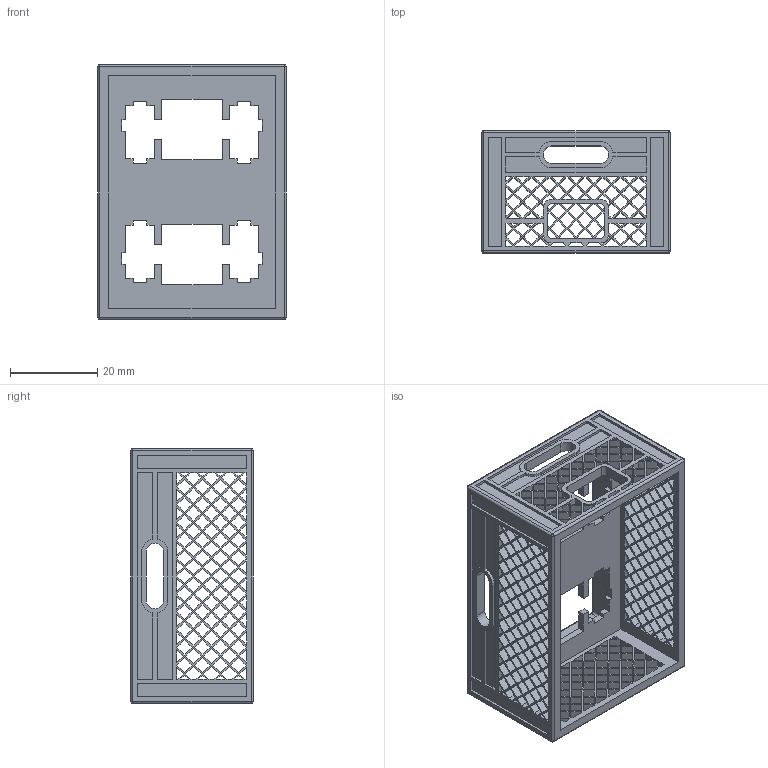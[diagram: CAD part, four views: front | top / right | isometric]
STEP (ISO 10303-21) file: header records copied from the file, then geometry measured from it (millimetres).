
FILE_DESCRIPTION(/* description */ (''),/* implementation_level */ '2;1');
FILE_NAME(/* name */ 'milkcrate-final.step',/* time_stamp */ '2021-07-29T00:32:53-04:00',/* author */ (''),/* organization */ (''),/* preprocessor_version */ 'ST-DEVELOPER v18.1',/* originating_system */ 'Autodesk Translation Framework v10.9.0.1377',/* authorisation */ '');
FILE_SCHEMA (('AUTOMOTIVE_DESIGN { 1 0 10303 214 3 1 1 }'));
Length unit declared in the file: millimetre
Products named in the file (1): plate draft
Bounding box: 43.1 x 28 x 58.23 mm (x, y, z)
Volume: 9229.2 mm3; surface area: 19371 mm2
Topology: 1 solids, 1 shells, 1718 faces, 5062 edges, 3364 vertices
Faces by surface type: plane 1651, cylinder 55, sphere 8, torus 4
Entity records: 57613 total; most frequent: CARTESIAN_POINT 10145, ORIENTED_EDGE 10124, DIRECTION 8614, EDGE_CURVE 5062, LINE 4948, VECTOR 4948, VERTEX_POINT 3364, EDGE_LOOP 2494

•••••

Retype the whole of the data verbatim. Skip every picture.

[diagram: CAD part, four views: front | top / right | isometric]
STEP (ISO 10303-21) file: header records copied from the file, then geometry measured from it (millimetres).
FILE_DESCRIPTION(/* description */ (''),/* implementation_level */ '2;1');
FILE_NAME(/* name */ 'milkcrate-final.step',/* time_stamp */ '2021-07-29T00:32:53-04:00',/* author */ (''),/* organization */ (''),/* preprocessor_version */ 'ST-DEVELOPER v18.1',/* originating_system */ 'Autodesk Translation Framework v10.9.0.1377',/* authorisation */ '');
FILE_SCHEMA (('AUTOMOTIVE_DESIGN { 1 0 10303 214 3 1 1 }'));
Length unit declared in the file: millimetre
Products named in the file (1): plate draft
Bounding box: 43.1 x 28 x 58.23 mm (x, y, z)
Volume: 9229.2 mm3; surface area: 19371 mm2
Topology: 1 solids, 1 shells, 1718 faces, 5062 edges, 3364 vertices
Faces by surface type: plane 1651, cylinder 55, sphere 8, torus 4
Entity records: 57613 total; most frequent: CARTESIAN_POINT 10145, ORIENTED_EDGE 10124, DIRECTION 8614, EDGE_CURVE 5062, LINE 4948, VECTOR 4948, VERTEX_POINT 3364, EDGE_LOOP 2494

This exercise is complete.